Task instructions. All records, exactly as written, minus the pictures: copy them out.

Data listing.
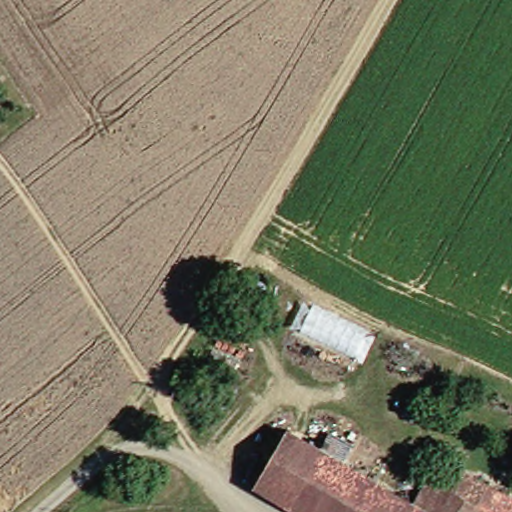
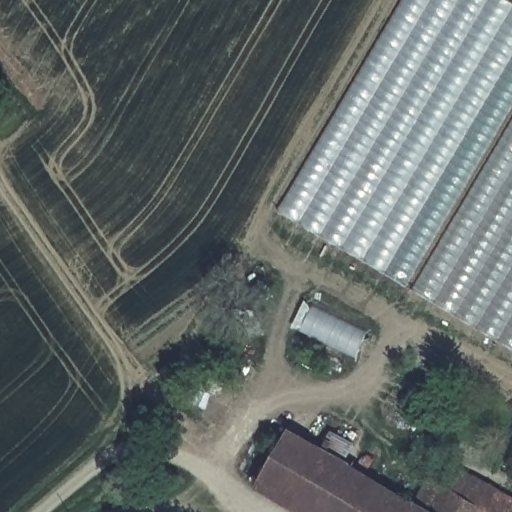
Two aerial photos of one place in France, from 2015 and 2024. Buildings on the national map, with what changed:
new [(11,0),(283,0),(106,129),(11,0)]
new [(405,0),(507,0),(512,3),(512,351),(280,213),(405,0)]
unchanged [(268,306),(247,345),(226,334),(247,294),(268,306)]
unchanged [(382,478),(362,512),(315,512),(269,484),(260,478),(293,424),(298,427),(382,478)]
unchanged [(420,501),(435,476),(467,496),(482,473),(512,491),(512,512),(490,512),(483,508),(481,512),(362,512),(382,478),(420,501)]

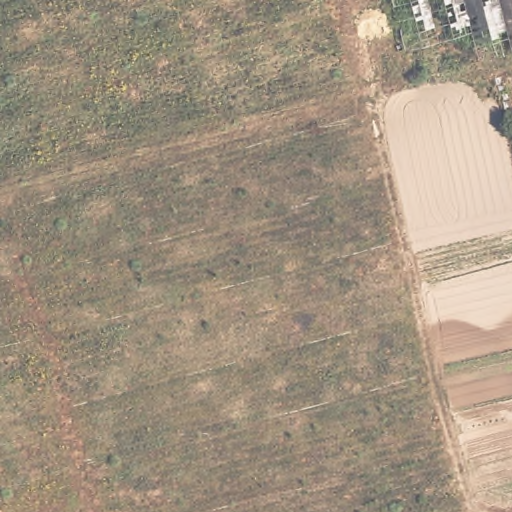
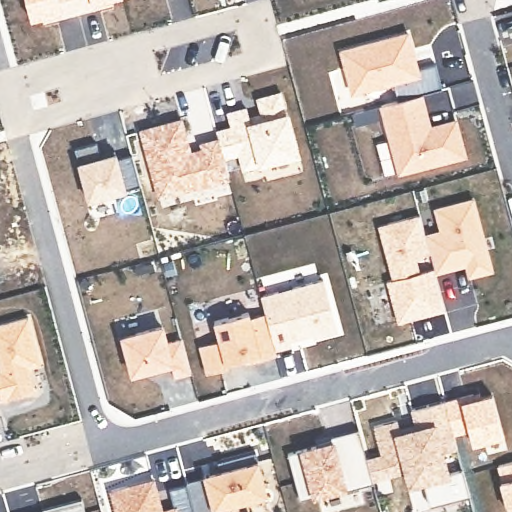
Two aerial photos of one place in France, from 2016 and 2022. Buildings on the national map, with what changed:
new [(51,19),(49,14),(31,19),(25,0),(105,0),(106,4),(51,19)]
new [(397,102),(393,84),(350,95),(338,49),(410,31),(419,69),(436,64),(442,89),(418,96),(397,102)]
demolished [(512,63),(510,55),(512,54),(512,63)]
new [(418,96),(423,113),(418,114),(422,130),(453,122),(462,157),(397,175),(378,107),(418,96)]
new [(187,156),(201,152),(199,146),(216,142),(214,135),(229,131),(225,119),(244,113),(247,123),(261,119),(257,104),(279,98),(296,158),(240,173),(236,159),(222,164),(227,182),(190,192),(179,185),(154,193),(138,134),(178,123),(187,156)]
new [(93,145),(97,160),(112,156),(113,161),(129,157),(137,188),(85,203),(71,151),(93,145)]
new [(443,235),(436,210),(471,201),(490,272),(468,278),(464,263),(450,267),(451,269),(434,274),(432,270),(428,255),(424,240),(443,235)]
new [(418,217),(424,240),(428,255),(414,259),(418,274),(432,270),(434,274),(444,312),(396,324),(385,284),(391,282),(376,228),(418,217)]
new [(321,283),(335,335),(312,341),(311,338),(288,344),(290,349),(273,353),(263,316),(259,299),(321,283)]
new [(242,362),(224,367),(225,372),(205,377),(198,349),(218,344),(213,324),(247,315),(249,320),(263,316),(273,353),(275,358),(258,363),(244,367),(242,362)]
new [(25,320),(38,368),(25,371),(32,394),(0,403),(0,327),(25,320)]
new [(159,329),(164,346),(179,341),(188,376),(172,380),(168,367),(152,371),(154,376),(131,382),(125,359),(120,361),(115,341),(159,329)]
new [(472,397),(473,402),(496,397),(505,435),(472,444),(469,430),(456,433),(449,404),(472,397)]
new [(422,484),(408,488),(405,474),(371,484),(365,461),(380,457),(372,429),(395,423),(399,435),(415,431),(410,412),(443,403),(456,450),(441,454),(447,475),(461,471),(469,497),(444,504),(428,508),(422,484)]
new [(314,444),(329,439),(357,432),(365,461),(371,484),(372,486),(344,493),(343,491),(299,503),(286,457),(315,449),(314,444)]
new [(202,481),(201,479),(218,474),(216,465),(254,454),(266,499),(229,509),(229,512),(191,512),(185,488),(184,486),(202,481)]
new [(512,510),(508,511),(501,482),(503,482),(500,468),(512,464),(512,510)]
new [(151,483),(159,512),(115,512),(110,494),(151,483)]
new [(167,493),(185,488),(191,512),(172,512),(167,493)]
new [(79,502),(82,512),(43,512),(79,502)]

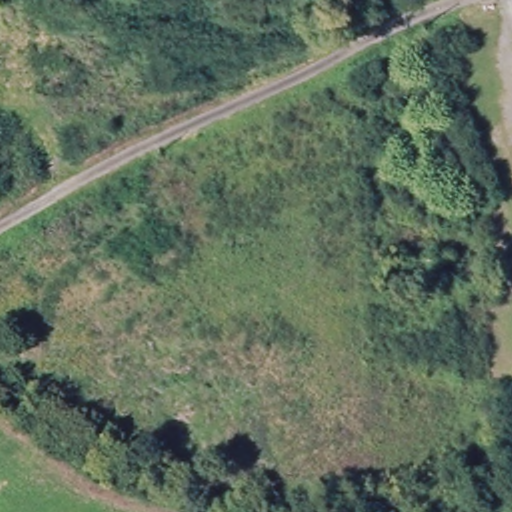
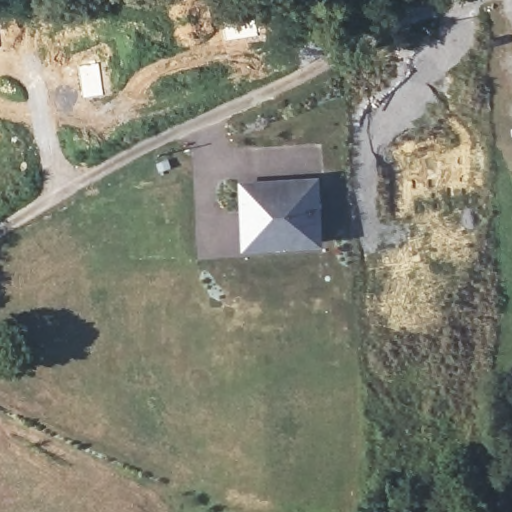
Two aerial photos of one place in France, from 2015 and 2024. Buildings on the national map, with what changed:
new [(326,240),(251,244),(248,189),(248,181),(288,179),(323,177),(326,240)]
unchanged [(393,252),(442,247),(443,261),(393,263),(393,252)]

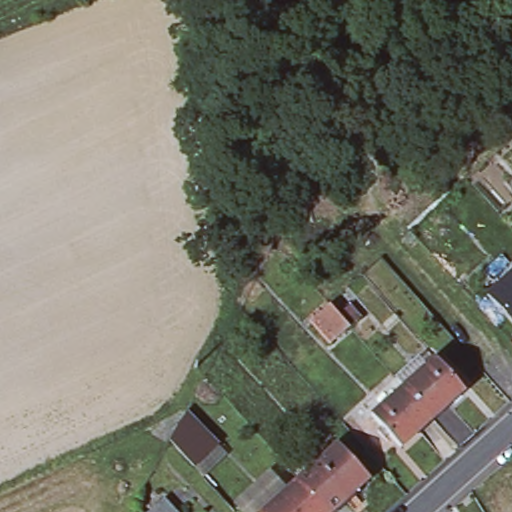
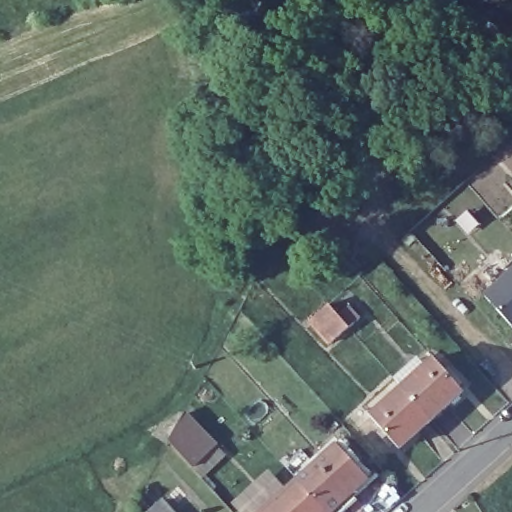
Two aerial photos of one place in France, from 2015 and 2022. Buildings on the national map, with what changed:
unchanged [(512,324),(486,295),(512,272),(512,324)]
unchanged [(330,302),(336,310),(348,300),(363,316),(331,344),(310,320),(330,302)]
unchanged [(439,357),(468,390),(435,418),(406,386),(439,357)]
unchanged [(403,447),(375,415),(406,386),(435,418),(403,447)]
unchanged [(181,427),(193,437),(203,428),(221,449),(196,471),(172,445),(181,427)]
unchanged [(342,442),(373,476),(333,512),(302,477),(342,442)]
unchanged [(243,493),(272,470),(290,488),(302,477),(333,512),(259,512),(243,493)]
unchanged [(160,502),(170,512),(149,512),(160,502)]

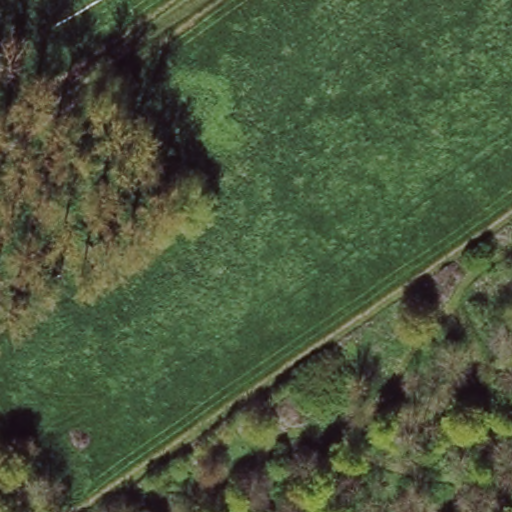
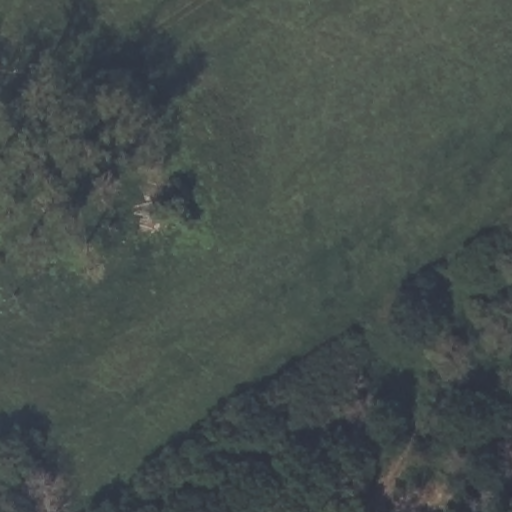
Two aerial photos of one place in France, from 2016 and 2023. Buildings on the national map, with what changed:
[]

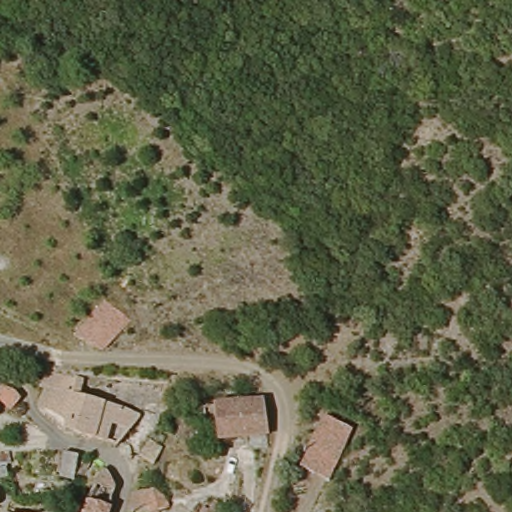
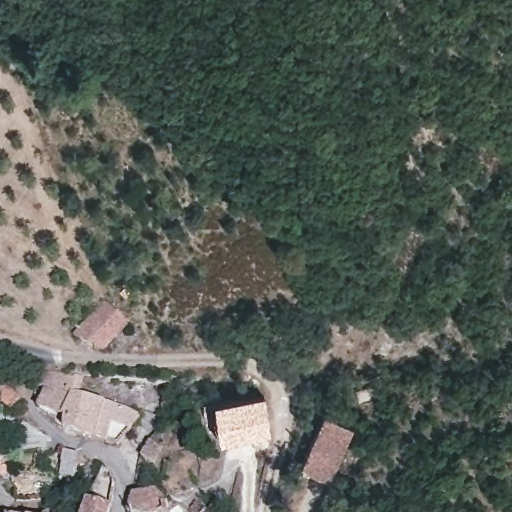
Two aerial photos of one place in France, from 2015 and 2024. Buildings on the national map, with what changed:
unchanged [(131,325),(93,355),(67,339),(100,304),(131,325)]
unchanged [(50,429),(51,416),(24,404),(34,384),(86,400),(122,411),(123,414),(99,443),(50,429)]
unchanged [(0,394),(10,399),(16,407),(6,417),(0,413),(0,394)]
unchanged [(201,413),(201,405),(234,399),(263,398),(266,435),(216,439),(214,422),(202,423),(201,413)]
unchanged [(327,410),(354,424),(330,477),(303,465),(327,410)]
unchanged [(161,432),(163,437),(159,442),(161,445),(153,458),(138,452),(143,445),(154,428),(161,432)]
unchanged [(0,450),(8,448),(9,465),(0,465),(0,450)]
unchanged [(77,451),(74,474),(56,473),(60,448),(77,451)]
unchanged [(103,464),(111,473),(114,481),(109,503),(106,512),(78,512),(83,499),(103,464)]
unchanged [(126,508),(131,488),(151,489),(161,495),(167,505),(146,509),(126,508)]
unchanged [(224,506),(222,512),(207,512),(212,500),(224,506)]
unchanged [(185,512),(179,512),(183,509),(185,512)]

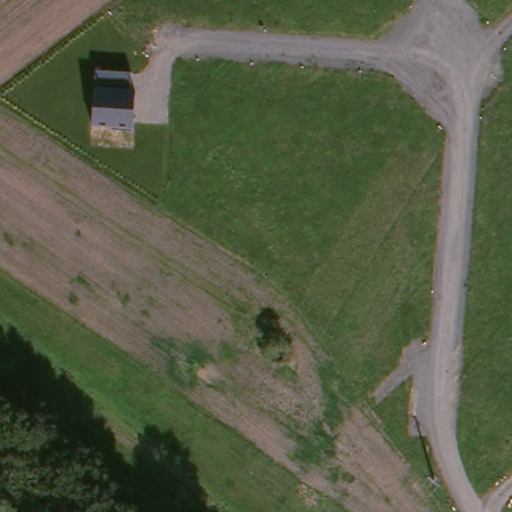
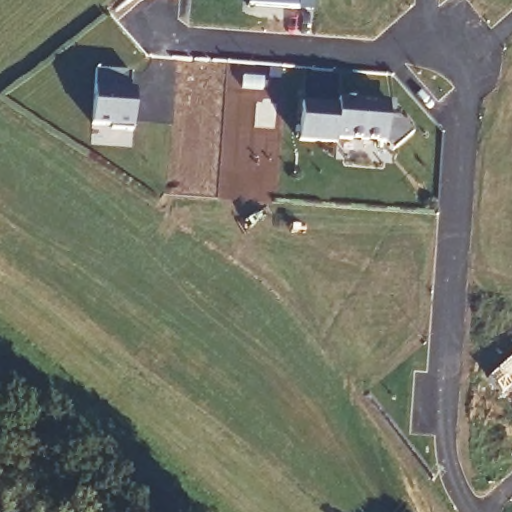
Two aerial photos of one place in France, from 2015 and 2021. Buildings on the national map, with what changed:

Written answer.
Two aerial photos of one place in France, from 2015 and 2024. Buildings on the national map, with what changed:
new [(11,0),(283,0),(106,129),(11,0)]
new [(405,0),(507,0),(512,3),(512,351),(280,213),(405,0)]
unchanged [(268,306),(247,345),(226,334),(247,294),(268,306)]
unchanged [(382,478),(362,512),(315,512),(269,484),(260,478),(293,424),(298,427),(382,478)]
unchanged [(420,501),(435,476),(467,496),(482,473),(512,491),(512,512),(490,512),(483,508),(481,512),(362,512),(382,478),(420,501)]

Two aerial photos of one place in France, from 2016 and 2022. Buildings on the national map, with what changed:
new [(51,19),(49,14),(31,19),(25,0),(105,0),(106,4),(51,19)]
new [(397,102),(393,84),(350,95),(338,49),(410,31),(419,69),(436,64),(442,89),(418,96),(397,102)]
demolished [(512,63),(510,55),(512,54),(512,63)]
new [(418,96),(423,113),(418,114),(422,130),(453,122),(462,157),(397,175),(378,107),(418,96)]
new [(187,156),(201,152),(199,146),(216,142),(214,135),(229,131),(225,119),(244,113),(247,123),(261,119),(257,104),(279,98),(296,158),(240,173),(236,159),(222,164),(227,182),(190,192),(179,185),(154,193),(138,134),(178,123),(187,156)]
new [(93,145),(97,160),(112,156),(113,161),(129,157),(137,188),(85,203),(71,151),(93,145)]
new [(443,235),(436,210),(471,201),(490,272),(468,278),(464,263),(450,267),(451,269),(434,274),(432,270),(428,255),(424,240),(443,235)]
new [(418,217),(424,240),(428,255),(414,259),(418,274),(432,270),(434,274),(444,312),(396,324),(385,284),(391,282),(376,228),(418,217)]
new [(321,283),(335,335),(312,341),(311,338),(288,344),(290,349),(273,353),(263,316),(259,299),(321,283)]
new [(242,362),(224,367),(225,372),(205,377),(198,349),(218,344),(213,324),(247,315),(249,320),(263,316),(273,353),(275,358),(258,363),(244,367),(242,362)]
new [(25,320),(38,368),(25,371),(32,394),(0,403),(0,327),(25,320)]
new [(159,329),(164,346),(179,341),(188,376),(172,380),(168,367),(152,371),(154,376),(131,382),(125,359),(120,361),(115,341),(159,329)]
new [(472,397),(473,402),(496,397),(505,435),(472,444),(469,430),(456,433),(449,404),(472,397)]
new [(422,484),(408,488),(405,474),(371,484),(365,461),(380,457),(372,429),(395,423),(399,435),(415,431),(410,412),(443,403),(456,450),(441,454),(447,475),(461,471),(469,497),(444,504),(428,508),(422,484)]
new [(314,444),(329,439),(357,432),(365,461),(371,484),(372,486),(344,493),(343,491),(299,503),(286,457),(315,449),(314,444)]
new [(202,481),(201,479),(218,474),(216,465),(254,454),(266,499),(229,509),(229,512),(191,512),(185,488),(184,486),(202,481)]
new [(512,510),(508,511),(501,482),(503,482),(500,468),(512,464),(512,510)]
new [(151,483),(159,512),(115,512),(110,494),(151,483)]
new [(167,493),(185,488),(191,512),(172,512),(167,493)]
new [(79,502),(82,512),(43,512),(79,502)]

Two aerial photos of one place in France, from 2015 and 2024. Buildings on the national map, with what changed:
new [(326,240),(251,244),(248,189),(248,181),(288,179),(323,177),(326,240)]
unchanged [(393,252),(442,247),(443,261),(393,263),(393,252)]

Two aerial photos of one place in France, from 2015 and 2022. Buildings on the national map, with what changed:
unchanged [(512,324),(486,295),(512,272),(512,324)]
unchanged [(330,302),(336,310),(348,300),(363,316),(331,344),(310,320),(330,302)]
unchanged [(439,357),(468,390),(435,418),(406,386),(439,357)]
unchanged [(403,447),(375,415),(406,386),(435,418),(403,447)]
unchanged [(181,427),(193,437),(203,428),(221,449),(196,471),(172,445),(181,427)]
unchanged [(342,442),(373,476),(333,512),(302,477),(342,442)]
unchanged [(243,493),(272,470),(290,488),(302,477),(333,512),(259,512),(243,493)]
unchanged [(160,502),(170,512),(149,512),(160,502)]

Two aerial photos of one place in France, from 2016 and 2023. Buildings on the national map, with what changed:
[]

Two aerial photos of one place in France, from 2015 and 2024. Buildings on the national map, with what changed:
unchanged [(131,325),(93,355),(67,339),(100,304),(131,325)]
unchanged [(50,429),(51,416),(24,404),(34,384),(86,400),(122,411),(123,414),(99,443),(50,429)]
unchanged [(0,394),(10,399),(16,407),(6,417),(0,413),(0,394)]
unchanged [(201,413),(201,405),(234,399),(263,398),(266,435),(216,439),(214,422),(202,423),(201,413)]
unchanged [(327,410),(354,424),(330,477),(303,465),(327,410)]
unchanged [(161,432),(163,437),(159,442),(161,445),(153,458),(138,452),(143,445),(154,428),(161,432)]
unchanged [(0,450),(8,448),(9,465),(0,465),(0,450)]
unchanged [(77,451),(74,474),(56,473),(60,448),(77,451)]
unchanged [(103,464),(111,473),(114,481),(109,503),(106,512),(78,512),(83,499),(103,464)]
unchanged [(126,508),(131,488),(151,489),(161,495),(167,505),(146,509),(126,508)]
unchanged [(224,506),(222,512),(207,512),(212,500),(224,506)]
unchanged [(185,512),(179,512),(183,509),(185,512)]

Two aerial photos of one place in France, from 2015 and 2021. Buildings on the national map, with what changed:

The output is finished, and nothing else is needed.